__WHAT IS BEING ASKED__
In the records that follow, locate every line with "rect" and extract it.

__RECORDS FOR THIS EXERCISE__
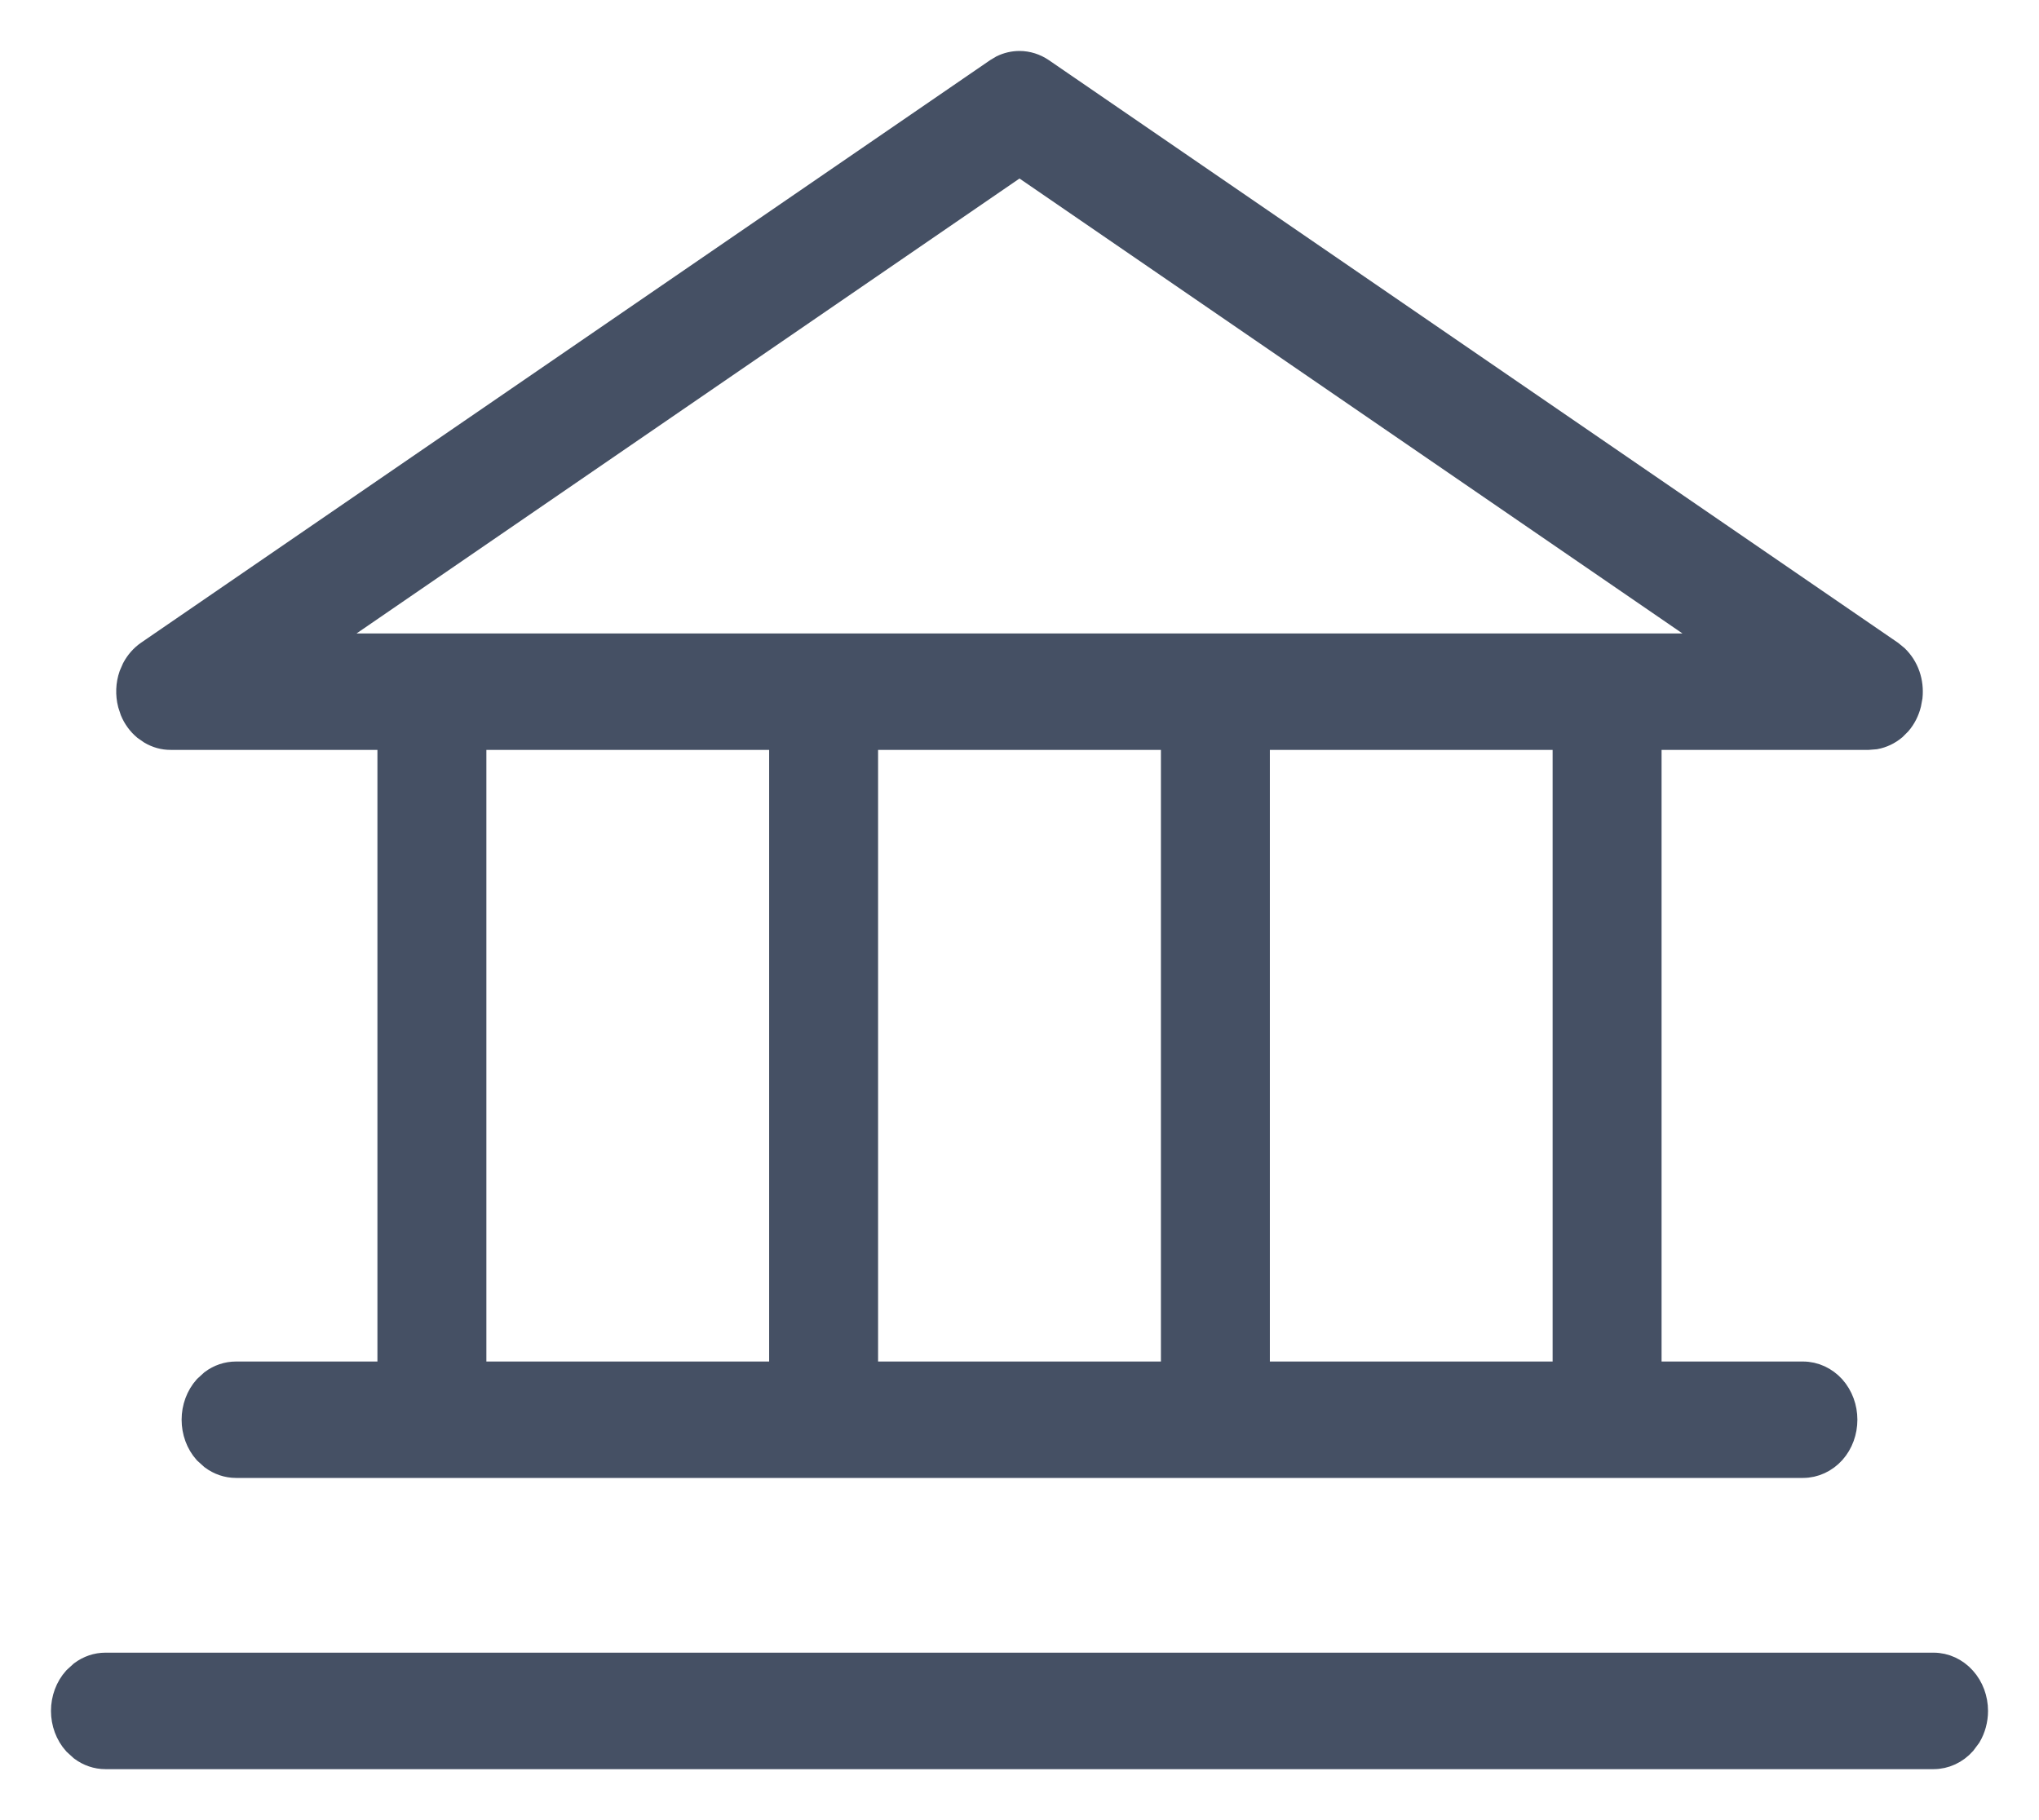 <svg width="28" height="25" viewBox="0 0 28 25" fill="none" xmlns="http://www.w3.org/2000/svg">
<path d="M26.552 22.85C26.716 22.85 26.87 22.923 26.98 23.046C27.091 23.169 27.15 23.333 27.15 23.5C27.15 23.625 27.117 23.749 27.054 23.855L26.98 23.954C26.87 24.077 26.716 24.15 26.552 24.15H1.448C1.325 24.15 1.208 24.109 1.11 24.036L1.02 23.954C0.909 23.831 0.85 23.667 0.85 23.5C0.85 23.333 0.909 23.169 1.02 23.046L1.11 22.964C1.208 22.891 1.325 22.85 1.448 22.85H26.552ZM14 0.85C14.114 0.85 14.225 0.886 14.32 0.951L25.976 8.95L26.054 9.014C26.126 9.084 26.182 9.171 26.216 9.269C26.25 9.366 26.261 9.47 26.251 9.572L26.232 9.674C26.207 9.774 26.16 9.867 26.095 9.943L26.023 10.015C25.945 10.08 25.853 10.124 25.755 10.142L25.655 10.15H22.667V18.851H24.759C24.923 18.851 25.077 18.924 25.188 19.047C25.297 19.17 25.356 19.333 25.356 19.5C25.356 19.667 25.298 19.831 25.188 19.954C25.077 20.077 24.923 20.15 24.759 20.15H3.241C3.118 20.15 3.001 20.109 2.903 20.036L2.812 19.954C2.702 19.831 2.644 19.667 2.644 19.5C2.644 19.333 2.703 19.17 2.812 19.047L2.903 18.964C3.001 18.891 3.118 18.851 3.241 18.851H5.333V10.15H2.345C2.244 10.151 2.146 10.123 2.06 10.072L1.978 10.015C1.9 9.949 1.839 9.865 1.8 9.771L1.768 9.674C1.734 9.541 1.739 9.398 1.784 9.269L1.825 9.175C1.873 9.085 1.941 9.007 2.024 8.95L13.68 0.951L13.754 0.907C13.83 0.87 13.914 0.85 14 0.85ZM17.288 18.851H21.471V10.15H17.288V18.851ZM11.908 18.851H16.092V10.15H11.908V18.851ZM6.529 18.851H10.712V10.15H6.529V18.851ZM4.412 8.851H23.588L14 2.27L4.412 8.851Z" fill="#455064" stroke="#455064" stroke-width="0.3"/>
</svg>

--

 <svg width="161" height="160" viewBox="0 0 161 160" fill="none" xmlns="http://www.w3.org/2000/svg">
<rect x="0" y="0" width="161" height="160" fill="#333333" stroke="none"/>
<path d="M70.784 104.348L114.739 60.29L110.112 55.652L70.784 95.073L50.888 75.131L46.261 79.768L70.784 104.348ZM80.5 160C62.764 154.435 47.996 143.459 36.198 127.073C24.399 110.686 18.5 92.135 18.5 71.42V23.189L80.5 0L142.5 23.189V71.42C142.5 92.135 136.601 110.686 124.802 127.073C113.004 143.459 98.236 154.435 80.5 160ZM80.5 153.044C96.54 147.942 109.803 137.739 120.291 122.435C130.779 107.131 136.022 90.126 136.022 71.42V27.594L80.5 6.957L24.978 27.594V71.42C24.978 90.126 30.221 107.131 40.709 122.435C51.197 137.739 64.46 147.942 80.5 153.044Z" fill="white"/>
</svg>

...

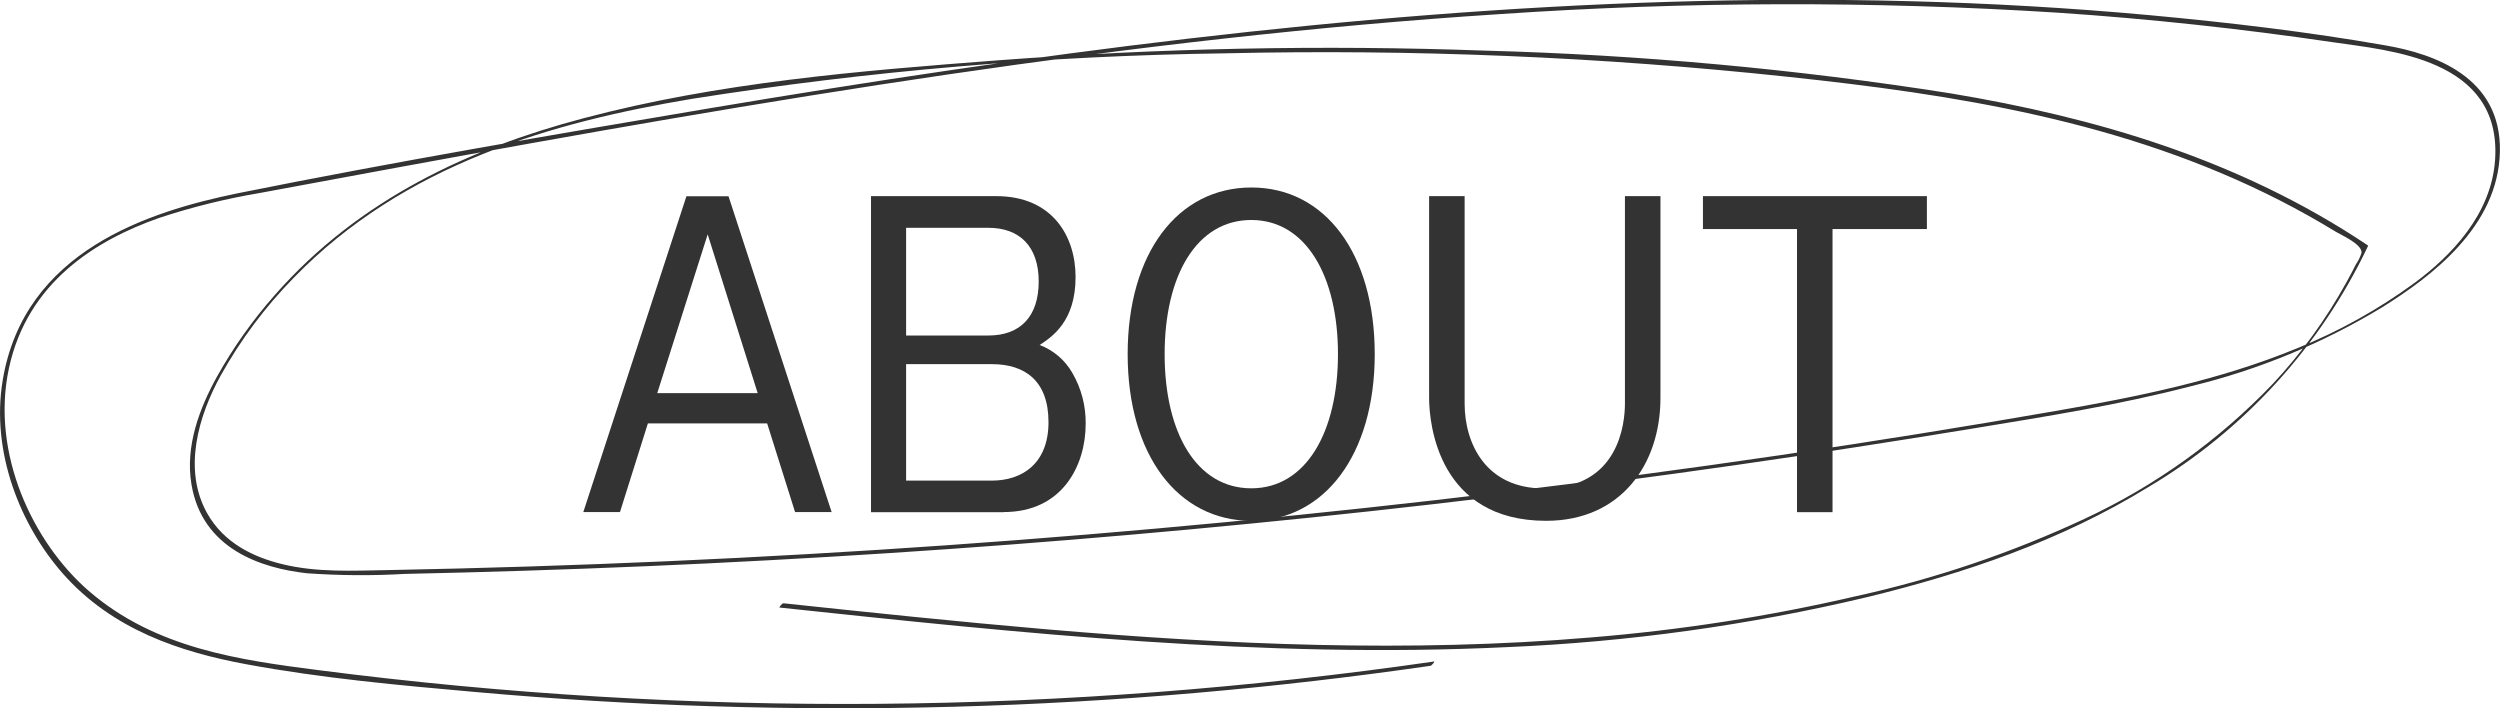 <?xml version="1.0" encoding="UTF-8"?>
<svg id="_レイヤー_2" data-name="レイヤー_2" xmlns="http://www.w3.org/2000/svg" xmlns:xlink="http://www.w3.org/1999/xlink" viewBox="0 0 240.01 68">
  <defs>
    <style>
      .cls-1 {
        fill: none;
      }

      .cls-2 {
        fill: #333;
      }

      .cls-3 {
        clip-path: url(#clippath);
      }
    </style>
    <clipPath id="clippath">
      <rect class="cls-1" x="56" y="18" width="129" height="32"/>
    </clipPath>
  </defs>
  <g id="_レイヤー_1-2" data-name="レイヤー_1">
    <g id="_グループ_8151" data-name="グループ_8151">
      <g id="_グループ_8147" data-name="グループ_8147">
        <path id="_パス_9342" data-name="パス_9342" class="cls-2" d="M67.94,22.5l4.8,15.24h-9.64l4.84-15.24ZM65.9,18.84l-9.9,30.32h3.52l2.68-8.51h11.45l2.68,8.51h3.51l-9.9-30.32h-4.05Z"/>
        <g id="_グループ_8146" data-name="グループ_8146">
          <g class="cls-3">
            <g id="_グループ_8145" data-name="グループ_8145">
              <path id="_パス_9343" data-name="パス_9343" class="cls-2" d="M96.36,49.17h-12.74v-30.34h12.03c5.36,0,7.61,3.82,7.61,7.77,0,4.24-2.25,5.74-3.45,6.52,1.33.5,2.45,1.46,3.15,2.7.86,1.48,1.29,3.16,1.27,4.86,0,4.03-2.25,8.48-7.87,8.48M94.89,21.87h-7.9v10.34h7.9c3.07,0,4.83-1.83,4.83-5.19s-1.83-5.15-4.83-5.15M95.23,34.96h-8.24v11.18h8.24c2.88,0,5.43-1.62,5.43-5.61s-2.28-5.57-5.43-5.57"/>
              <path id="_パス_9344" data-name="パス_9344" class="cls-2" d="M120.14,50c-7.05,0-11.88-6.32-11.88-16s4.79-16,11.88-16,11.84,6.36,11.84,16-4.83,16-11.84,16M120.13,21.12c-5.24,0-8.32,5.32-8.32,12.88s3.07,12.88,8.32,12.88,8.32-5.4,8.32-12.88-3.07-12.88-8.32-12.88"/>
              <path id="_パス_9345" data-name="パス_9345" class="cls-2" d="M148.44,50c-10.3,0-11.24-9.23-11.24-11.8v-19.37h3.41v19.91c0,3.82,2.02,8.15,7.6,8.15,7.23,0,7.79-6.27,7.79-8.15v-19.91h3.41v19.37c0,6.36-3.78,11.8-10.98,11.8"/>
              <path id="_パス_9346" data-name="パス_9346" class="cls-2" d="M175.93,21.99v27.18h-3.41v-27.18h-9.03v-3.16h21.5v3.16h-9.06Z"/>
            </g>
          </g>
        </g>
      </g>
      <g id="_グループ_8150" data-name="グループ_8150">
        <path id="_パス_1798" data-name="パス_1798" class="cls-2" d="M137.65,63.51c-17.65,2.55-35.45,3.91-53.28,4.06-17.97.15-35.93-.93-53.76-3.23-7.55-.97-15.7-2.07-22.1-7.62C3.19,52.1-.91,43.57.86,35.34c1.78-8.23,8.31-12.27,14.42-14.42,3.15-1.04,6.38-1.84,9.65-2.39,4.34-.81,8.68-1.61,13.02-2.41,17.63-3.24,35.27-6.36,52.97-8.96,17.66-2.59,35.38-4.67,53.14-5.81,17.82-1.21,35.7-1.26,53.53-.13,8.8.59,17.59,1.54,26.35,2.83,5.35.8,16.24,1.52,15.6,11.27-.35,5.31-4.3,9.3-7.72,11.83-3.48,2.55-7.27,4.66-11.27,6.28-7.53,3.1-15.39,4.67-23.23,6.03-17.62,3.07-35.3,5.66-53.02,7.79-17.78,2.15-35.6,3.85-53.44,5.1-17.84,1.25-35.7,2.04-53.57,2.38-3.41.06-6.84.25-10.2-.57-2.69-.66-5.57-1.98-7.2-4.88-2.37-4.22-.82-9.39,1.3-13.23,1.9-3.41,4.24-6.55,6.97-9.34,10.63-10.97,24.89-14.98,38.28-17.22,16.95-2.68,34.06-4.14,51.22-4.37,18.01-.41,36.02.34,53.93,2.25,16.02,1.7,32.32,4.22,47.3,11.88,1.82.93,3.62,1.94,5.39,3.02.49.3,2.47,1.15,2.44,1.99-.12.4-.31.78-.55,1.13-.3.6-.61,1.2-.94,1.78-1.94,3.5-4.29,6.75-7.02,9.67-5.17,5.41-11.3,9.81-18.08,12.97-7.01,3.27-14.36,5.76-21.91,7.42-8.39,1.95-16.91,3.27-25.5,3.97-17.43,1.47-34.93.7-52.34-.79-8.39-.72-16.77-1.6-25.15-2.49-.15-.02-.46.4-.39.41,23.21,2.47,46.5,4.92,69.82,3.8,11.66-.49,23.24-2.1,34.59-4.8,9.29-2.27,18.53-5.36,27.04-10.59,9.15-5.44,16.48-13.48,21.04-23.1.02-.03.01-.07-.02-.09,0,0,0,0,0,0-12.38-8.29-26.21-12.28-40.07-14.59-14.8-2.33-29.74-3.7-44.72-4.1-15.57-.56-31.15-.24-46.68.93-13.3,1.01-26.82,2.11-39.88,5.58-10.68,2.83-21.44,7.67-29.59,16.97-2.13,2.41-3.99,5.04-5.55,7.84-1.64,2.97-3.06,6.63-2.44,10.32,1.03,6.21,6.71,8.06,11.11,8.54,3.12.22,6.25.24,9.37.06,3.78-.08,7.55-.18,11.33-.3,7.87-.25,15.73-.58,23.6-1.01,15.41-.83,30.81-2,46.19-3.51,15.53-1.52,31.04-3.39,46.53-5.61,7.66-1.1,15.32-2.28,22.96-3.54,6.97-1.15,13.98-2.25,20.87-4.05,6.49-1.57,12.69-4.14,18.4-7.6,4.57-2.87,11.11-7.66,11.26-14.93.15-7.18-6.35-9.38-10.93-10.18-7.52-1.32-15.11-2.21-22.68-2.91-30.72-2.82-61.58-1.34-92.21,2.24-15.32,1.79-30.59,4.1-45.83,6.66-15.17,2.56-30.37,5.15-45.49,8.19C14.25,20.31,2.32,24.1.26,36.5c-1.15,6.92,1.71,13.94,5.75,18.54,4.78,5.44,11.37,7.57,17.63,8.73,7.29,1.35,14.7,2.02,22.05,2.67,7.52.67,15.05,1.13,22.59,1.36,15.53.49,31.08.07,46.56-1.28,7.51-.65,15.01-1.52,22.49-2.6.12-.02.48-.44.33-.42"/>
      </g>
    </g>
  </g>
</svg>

__FINISHED EXERCISE__
<rect x="0" y="0" width="161" height="160" fill="#333333" stroke="none"/>
      <rect class="cls-1" x="56" y="18" width="129" height="32"/>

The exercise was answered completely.